What is expected: Pick every line out of the entries below that has the string "height", and copy it.

Items listed in a dataset
--- START ---

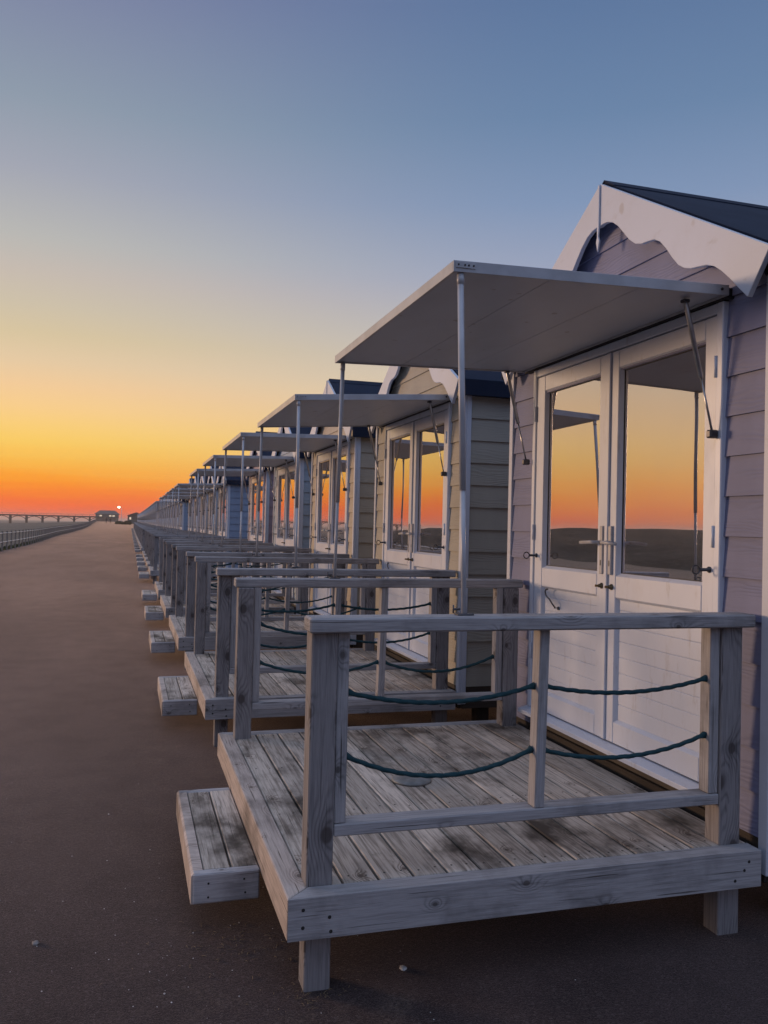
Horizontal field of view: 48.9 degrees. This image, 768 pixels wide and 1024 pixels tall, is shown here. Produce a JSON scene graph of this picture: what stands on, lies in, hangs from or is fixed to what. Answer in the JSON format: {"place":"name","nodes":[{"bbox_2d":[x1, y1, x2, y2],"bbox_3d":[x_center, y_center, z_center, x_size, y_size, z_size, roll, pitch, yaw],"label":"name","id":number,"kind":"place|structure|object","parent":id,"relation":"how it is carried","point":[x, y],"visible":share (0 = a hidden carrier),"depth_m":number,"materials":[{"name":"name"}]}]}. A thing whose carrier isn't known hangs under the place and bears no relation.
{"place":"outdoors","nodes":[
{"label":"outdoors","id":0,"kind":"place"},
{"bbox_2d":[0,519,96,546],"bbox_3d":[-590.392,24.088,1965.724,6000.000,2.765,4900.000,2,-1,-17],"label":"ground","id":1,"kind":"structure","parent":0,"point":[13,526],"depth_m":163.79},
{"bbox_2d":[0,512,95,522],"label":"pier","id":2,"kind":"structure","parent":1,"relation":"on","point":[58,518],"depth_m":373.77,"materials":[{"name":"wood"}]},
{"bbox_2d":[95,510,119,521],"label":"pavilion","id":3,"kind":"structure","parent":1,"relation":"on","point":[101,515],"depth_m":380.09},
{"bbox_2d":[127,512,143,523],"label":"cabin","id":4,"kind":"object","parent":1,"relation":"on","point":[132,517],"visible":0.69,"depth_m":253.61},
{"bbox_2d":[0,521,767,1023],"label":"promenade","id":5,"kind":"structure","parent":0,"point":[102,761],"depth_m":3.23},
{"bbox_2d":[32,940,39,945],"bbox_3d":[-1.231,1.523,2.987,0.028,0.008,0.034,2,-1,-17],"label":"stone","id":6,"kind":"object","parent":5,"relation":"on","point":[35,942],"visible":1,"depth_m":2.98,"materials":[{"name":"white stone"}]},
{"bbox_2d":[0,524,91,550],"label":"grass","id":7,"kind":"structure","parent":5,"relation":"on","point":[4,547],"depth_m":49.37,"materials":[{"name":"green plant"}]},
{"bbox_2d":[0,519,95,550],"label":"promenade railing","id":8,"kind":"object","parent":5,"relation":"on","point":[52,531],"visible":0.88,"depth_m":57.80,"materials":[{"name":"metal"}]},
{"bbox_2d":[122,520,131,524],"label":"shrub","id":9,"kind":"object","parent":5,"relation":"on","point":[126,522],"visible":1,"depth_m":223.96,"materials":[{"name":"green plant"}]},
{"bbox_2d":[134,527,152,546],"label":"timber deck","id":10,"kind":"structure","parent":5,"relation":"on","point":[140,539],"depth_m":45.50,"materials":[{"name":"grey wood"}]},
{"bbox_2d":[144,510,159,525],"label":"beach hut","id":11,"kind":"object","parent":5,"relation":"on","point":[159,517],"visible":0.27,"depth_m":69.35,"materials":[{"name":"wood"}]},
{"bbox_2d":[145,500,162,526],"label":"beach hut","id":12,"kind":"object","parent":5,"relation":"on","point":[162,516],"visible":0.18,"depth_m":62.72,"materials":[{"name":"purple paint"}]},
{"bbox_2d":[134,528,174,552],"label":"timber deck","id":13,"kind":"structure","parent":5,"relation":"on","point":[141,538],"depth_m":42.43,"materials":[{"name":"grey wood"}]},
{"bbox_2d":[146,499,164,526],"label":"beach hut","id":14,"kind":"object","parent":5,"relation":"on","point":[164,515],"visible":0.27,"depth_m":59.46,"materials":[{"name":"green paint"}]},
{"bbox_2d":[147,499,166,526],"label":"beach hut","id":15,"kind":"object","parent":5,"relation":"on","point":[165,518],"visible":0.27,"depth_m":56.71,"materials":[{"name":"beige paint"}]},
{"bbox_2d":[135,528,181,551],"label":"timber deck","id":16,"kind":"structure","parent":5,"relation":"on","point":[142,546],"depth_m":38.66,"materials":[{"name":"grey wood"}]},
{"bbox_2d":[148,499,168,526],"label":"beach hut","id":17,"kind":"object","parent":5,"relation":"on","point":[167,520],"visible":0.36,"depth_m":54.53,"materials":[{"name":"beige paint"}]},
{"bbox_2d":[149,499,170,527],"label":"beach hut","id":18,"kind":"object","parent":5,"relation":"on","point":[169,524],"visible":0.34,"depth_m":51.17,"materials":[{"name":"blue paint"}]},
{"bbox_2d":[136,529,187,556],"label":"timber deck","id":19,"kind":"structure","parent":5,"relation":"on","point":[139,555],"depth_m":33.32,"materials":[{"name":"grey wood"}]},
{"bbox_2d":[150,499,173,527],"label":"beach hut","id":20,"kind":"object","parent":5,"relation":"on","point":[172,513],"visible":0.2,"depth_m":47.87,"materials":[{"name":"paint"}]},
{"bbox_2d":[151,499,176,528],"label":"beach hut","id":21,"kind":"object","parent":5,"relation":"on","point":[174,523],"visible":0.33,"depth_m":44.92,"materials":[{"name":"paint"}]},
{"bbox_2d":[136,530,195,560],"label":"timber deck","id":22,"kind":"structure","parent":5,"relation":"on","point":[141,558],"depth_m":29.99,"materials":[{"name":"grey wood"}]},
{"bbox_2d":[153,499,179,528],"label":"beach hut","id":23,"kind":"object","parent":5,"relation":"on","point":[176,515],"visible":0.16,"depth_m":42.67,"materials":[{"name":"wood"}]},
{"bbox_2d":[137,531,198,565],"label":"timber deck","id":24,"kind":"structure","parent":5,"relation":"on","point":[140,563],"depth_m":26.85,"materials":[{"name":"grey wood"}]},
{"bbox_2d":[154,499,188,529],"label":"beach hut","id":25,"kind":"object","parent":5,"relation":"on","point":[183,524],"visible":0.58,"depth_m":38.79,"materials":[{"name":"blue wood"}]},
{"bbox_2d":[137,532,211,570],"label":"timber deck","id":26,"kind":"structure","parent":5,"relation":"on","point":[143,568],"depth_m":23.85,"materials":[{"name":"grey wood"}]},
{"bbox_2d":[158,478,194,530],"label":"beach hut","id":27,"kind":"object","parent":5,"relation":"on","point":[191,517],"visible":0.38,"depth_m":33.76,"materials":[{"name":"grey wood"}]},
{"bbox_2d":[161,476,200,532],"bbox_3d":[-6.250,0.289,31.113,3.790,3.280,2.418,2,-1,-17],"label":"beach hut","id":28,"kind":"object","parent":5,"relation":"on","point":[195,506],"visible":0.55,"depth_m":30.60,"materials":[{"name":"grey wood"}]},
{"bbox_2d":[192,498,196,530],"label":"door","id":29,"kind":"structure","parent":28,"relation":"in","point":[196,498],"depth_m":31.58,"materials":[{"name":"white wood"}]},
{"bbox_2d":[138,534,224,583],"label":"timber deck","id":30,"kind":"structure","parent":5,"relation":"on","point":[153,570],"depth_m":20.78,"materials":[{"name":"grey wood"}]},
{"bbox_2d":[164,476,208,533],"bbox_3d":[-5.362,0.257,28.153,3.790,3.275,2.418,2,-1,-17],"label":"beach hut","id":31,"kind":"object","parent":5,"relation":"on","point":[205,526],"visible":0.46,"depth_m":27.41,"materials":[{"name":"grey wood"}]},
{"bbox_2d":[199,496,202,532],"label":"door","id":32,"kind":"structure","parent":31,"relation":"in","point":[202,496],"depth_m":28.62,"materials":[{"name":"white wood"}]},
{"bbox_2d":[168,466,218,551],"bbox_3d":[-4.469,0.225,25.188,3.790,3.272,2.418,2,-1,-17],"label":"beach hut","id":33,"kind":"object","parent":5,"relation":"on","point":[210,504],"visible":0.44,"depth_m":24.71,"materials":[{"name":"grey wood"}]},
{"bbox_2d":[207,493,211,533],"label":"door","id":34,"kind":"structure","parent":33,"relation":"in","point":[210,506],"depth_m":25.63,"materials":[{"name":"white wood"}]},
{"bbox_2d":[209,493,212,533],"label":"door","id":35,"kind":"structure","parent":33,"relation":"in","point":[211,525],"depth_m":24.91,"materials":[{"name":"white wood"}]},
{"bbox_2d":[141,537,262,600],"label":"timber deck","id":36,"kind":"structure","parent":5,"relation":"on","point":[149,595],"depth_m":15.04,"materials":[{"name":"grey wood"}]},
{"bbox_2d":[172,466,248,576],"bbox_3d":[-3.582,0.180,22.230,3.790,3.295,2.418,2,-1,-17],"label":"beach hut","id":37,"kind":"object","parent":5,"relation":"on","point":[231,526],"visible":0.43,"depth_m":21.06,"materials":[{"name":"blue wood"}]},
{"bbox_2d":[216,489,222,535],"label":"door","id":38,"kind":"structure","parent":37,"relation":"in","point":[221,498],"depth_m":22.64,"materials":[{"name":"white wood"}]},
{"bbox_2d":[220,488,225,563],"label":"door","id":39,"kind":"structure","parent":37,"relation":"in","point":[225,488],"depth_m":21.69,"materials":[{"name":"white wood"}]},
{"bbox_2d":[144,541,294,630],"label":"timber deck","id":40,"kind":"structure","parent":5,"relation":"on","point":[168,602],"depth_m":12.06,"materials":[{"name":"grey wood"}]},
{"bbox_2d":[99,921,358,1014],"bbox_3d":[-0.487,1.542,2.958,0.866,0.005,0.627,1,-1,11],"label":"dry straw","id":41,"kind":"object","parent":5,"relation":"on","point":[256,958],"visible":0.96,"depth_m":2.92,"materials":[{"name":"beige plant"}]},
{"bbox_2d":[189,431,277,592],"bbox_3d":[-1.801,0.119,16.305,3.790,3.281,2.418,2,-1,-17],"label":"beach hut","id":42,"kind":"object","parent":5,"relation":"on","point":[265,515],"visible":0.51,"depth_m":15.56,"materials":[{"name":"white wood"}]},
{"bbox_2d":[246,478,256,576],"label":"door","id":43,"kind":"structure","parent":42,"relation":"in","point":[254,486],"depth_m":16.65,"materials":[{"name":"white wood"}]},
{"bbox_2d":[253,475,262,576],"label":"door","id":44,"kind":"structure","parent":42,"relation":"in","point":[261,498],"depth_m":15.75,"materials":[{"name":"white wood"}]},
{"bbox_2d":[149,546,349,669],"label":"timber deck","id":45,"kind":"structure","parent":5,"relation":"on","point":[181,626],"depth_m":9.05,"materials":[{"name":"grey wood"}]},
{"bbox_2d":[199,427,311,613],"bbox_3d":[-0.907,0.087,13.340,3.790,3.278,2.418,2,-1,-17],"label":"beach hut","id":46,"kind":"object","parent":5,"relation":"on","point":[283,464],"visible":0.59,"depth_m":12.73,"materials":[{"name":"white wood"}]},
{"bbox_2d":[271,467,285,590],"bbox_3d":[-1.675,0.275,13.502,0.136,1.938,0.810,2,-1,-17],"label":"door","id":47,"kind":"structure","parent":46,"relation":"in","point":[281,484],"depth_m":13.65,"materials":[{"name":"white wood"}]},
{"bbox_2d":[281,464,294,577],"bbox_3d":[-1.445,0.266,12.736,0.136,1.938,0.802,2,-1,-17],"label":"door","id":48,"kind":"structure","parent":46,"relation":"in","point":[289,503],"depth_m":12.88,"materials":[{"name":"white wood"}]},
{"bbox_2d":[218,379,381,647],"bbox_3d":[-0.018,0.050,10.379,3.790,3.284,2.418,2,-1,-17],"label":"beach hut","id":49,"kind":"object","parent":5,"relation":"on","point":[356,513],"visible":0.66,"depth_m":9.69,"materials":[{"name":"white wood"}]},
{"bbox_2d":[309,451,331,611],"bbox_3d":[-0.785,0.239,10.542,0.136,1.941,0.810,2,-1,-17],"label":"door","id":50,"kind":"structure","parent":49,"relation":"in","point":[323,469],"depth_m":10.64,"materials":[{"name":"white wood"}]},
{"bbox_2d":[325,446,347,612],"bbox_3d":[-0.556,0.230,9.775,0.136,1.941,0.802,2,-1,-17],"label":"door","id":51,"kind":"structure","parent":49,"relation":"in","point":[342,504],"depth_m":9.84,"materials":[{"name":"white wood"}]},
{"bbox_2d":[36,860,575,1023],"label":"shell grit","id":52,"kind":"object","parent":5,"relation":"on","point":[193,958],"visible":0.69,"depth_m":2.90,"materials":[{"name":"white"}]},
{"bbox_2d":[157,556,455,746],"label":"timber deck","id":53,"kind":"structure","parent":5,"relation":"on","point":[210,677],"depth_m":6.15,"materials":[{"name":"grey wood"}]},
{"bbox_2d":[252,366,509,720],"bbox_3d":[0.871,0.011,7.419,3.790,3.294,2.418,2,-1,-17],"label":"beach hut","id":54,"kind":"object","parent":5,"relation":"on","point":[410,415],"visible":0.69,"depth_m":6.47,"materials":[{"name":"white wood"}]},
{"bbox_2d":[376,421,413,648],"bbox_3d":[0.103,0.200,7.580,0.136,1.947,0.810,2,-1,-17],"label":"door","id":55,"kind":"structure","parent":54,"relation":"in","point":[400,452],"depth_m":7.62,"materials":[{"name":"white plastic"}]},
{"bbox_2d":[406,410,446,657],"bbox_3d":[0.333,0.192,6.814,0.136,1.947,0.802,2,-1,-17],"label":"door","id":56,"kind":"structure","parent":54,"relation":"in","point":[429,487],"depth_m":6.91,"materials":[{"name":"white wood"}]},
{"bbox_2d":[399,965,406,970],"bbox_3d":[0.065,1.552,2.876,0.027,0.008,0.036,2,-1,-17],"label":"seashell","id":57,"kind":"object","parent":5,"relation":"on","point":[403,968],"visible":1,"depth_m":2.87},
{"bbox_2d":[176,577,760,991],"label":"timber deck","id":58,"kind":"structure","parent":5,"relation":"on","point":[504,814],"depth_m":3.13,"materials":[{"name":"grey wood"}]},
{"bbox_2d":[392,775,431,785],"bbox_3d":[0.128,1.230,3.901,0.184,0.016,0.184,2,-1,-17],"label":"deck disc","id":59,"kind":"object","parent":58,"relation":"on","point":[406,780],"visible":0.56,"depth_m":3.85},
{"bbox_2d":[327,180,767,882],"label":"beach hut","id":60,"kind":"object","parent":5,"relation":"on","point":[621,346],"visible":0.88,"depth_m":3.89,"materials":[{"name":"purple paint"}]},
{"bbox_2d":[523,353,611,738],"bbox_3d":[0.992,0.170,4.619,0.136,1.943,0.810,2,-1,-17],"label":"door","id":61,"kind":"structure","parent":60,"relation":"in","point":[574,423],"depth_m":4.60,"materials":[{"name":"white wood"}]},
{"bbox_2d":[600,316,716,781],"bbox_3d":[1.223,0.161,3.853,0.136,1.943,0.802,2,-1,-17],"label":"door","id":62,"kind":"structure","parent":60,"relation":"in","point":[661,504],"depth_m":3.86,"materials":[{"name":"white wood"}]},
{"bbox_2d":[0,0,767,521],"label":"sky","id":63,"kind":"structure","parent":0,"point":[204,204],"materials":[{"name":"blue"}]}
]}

--- END ---
--- START ---

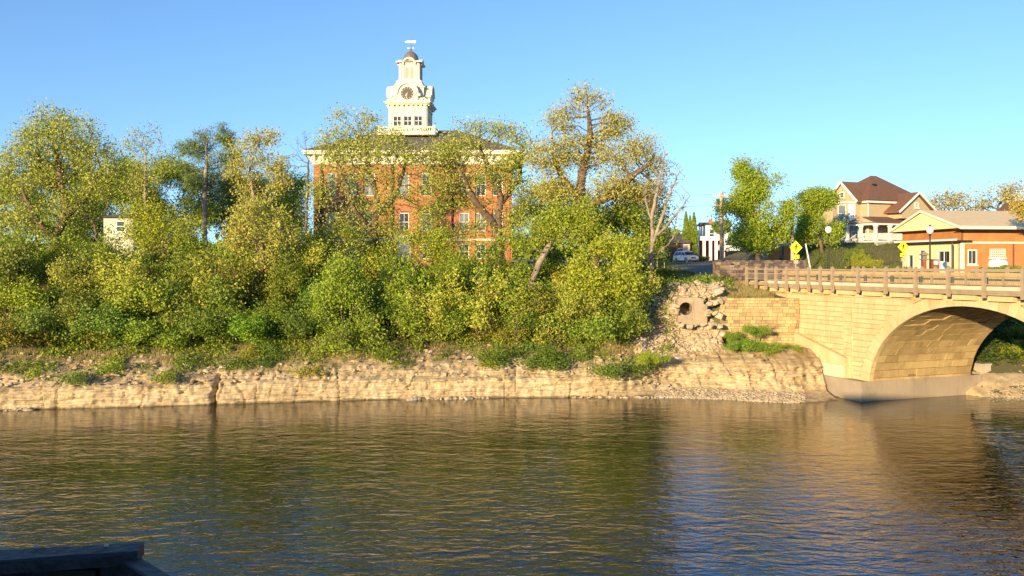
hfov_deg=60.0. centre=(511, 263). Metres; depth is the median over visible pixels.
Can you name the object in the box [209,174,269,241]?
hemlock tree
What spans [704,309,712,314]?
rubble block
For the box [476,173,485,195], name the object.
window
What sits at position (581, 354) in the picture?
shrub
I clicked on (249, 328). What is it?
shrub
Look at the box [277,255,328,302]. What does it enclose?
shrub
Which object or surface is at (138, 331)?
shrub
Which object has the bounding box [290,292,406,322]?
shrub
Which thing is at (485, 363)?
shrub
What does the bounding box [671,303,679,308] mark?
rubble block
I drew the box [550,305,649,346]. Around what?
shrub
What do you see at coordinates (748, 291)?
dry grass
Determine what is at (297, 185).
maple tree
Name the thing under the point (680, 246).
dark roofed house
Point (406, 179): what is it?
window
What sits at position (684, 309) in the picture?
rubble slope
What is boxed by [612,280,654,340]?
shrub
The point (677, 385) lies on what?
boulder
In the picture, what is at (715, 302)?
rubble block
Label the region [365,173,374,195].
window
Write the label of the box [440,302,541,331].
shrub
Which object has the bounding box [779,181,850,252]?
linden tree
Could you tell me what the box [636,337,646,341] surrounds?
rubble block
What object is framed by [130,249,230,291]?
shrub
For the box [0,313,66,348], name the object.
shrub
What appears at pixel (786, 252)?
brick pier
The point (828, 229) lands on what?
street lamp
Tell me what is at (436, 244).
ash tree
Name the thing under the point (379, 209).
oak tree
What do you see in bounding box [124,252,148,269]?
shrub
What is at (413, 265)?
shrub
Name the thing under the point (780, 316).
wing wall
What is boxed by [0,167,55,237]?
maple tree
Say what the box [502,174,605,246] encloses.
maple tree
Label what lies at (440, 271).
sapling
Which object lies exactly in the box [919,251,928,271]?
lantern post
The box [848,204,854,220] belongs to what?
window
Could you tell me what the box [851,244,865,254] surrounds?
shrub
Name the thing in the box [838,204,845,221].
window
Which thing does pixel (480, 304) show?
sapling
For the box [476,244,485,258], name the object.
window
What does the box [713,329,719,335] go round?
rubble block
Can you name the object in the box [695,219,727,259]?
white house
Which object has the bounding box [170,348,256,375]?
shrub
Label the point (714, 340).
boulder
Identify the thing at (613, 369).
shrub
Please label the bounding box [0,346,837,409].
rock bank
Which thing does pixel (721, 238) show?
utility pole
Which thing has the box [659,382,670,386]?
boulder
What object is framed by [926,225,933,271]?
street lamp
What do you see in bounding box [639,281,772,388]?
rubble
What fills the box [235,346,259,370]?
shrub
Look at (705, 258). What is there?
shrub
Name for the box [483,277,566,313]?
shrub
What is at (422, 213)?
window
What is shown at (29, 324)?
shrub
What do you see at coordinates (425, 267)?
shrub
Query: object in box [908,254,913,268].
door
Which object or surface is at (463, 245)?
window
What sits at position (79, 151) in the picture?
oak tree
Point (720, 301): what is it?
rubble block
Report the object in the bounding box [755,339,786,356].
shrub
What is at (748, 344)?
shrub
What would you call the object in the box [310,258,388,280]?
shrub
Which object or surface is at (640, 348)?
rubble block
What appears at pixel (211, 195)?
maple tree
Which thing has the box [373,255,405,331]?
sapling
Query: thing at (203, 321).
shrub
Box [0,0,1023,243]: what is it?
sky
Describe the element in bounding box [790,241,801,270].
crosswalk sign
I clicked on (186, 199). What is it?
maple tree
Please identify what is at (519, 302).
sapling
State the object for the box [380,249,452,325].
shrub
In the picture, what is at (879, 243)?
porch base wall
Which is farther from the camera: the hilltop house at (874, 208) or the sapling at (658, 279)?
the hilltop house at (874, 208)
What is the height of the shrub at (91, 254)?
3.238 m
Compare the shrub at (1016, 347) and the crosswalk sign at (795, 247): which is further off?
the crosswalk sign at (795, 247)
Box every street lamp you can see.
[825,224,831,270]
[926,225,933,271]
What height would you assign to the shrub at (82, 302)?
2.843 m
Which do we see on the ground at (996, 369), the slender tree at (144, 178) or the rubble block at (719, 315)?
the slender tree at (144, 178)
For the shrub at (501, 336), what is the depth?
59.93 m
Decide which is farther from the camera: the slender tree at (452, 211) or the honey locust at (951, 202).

--- END ---

Task response:
What is the height of the shrub at (91, 254)?
What height would you assign to the shrub at (82, 302)?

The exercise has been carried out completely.